In August 2017, Marc Laidlaw, the former Valve writer of the entire Half-Life series, penned a tongue-in-cheek storyline entitled Epistle 3 on his website, which fans saw as his interpretation of what Valve may have planned for Half-Life 2: Episode 3 (aka Half-Life 3). Most people, myself included, saw this as closure on one of the Internet’s longest-running mysteries. Others, however, saw the missive as Laidlaw throwing down the gauntlet, resulting in unforeseen consequences and the formation of two disparate teams of Half-Life fans announcing plans to bring Epistle 3 to life as a brand new episode.
We’ve Been Waiting For Half-Life 3 Since 2007
Half-Life was launched in 1998, Half-Life 2 in 2004 and Episodes One and Two a couple of years later. Since that time, the rumour mill has never stopped grinding away and apart from Black Mesa, the Half-Life total remake, the entire Half-Life series seemed doomed to remain in developer purgatory. Then everything changed when Laidlaw published his mischievous scribblings in 2017, with the Project Borealis and Borealis Alyph teams being formed in roughly the same timeframe. Both are described as teams of around 70 people, including programmers, artists, voice actors and such like, with clear intentions to finally bring the myth to reality. However, there is one big difference between the two teams, namely the game engine which may be a bone of contention for Valve in the coming months or years.

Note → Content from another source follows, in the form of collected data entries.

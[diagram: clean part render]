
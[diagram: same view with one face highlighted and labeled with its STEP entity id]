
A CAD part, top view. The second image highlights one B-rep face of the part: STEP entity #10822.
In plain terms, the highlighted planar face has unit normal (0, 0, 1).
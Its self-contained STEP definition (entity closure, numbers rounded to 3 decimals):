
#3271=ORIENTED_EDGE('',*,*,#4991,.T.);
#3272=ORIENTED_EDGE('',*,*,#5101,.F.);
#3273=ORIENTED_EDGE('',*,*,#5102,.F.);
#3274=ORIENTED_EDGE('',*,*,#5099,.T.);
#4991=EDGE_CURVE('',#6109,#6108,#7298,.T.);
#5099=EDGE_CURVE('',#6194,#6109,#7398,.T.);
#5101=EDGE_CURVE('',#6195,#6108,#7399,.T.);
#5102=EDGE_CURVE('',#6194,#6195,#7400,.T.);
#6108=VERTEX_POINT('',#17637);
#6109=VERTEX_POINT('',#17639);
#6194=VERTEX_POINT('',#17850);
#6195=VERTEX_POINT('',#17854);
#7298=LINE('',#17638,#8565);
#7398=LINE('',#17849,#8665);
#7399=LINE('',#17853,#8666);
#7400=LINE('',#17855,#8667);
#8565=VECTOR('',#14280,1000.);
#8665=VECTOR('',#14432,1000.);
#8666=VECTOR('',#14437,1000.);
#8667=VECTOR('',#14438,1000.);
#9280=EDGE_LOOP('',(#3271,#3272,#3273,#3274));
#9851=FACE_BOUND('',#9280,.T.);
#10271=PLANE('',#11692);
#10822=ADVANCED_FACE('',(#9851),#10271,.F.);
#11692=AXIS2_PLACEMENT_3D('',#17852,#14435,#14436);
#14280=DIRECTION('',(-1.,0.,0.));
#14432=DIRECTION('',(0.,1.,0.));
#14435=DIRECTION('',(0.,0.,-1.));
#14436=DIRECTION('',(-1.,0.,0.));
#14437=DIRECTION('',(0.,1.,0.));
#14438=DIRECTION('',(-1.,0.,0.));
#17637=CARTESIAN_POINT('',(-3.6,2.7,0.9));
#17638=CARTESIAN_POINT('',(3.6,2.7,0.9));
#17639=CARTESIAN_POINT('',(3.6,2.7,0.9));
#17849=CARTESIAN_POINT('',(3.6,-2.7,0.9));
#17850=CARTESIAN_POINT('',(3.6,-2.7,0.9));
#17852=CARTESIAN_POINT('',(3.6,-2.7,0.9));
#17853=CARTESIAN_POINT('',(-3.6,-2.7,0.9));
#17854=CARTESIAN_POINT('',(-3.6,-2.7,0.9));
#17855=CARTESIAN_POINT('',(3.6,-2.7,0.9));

This team is using Unreal Engine 4 to bring the game to life and that single aspect has been criticised by many Half-Life purists as sacrilegious, believing they should stick with Valve’s own Source Engine, a view that I personally disagree with. However, many are pointing out that Valve may use its powers to kill the project for that very reason, possibly citing copyright infringement as an excuse for not using Valve’s own Source Engine – who knows? Either way, Project Borealis intends to release a tech demo and they post the most recent game updates on Discord, which you can find at Discord Project Borealis, a medium that appears to be much more current than their website. A performance test is also available for download.
Anyway, here’s their latest update, not forgetting that anything Half-Life related has an uncanny knack of distorting time as we know it.

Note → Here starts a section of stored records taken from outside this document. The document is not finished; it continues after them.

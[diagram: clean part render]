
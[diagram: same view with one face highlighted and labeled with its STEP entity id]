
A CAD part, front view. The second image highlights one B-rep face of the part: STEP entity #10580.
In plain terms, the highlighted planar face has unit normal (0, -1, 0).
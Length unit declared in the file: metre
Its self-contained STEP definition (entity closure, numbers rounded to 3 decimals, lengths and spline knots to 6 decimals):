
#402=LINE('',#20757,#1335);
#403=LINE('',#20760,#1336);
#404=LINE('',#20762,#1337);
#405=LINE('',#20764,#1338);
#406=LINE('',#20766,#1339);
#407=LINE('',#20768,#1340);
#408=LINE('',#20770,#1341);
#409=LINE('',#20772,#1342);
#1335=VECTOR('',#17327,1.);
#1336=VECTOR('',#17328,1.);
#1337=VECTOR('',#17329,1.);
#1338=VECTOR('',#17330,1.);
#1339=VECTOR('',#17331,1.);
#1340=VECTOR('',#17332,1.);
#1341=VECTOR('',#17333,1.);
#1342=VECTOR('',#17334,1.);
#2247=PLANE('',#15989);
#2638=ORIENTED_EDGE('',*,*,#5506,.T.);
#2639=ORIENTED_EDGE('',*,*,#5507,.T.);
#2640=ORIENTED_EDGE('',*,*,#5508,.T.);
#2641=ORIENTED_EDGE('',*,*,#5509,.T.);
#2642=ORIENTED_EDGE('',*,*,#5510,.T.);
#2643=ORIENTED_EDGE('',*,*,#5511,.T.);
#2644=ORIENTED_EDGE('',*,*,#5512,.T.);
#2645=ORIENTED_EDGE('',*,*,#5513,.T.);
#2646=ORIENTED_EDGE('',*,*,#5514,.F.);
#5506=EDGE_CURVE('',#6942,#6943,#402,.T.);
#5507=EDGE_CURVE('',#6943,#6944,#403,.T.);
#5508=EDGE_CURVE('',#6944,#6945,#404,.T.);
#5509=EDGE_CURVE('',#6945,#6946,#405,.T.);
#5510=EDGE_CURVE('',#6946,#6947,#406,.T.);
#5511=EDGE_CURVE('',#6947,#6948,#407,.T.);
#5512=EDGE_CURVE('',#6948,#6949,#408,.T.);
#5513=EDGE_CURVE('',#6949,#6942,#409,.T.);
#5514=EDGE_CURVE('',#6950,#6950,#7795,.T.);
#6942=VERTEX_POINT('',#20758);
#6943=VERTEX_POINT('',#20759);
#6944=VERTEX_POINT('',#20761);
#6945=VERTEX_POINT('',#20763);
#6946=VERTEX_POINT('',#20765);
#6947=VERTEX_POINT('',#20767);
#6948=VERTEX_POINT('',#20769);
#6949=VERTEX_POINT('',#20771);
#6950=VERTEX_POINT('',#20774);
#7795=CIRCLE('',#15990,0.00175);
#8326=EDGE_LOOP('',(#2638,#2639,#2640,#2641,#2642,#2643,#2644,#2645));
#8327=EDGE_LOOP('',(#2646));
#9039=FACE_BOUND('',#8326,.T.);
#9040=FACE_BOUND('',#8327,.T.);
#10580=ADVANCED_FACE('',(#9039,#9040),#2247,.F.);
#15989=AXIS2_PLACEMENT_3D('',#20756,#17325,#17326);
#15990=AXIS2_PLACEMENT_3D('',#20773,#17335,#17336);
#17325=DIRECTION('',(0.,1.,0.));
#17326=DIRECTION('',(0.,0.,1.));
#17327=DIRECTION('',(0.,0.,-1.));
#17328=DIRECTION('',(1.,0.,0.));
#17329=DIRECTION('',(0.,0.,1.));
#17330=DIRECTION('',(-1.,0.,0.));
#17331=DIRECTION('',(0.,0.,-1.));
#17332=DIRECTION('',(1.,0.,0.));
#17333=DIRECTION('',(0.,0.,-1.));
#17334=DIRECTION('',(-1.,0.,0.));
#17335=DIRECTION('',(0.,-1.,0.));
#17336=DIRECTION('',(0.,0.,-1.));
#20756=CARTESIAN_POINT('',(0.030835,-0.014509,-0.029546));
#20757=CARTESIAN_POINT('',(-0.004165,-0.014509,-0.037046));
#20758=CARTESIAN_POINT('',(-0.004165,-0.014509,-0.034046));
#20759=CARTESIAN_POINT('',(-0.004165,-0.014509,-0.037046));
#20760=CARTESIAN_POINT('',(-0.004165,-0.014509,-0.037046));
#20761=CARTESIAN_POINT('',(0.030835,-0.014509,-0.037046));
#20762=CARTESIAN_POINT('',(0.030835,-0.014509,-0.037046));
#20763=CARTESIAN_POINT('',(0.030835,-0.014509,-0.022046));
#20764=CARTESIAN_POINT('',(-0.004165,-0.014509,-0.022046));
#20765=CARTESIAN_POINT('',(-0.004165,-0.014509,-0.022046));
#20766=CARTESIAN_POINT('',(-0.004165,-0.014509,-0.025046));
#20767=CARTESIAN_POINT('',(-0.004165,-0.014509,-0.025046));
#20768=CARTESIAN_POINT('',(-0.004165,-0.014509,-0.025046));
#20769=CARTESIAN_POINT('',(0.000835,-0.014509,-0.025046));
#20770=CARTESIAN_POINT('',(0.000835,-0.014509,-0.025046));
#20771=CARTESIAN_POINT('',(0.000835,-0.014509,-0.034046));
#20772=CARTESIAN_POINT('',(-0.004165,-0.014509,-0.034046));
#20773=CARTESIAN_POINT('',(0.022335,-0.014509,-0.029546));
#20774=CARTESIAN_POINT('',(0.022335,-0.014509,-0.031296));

KAFF (Keep Away From Fire) is the team developing Boreal Alyph using the Source Engine because, in their own words, 8220;We want Boreal Alyph to feel like it belongs in the episodic series. Moving to another engine would make that more difficult to do so.” In fact, the team is making improvements to the creaking Source engine for a smoother graphical experience as can be seen in this asset showcase video.
There never really is a conclusion in the Half-Life universe and as I’ve already mentioned, development time on anything related to this game tends to become elastic. Black Mesa, for example, was stuck in a time warp, having been first announced in 2004, but not released until 2012 and the final level, Xen still hasn’t seen the light of day, having initially been teased for early 2019. Whilst I’m excited at the prospect of seeing Gordon Freeman once again don his HEV suit, it wouldn’t be wise to hold one’s breath for too long.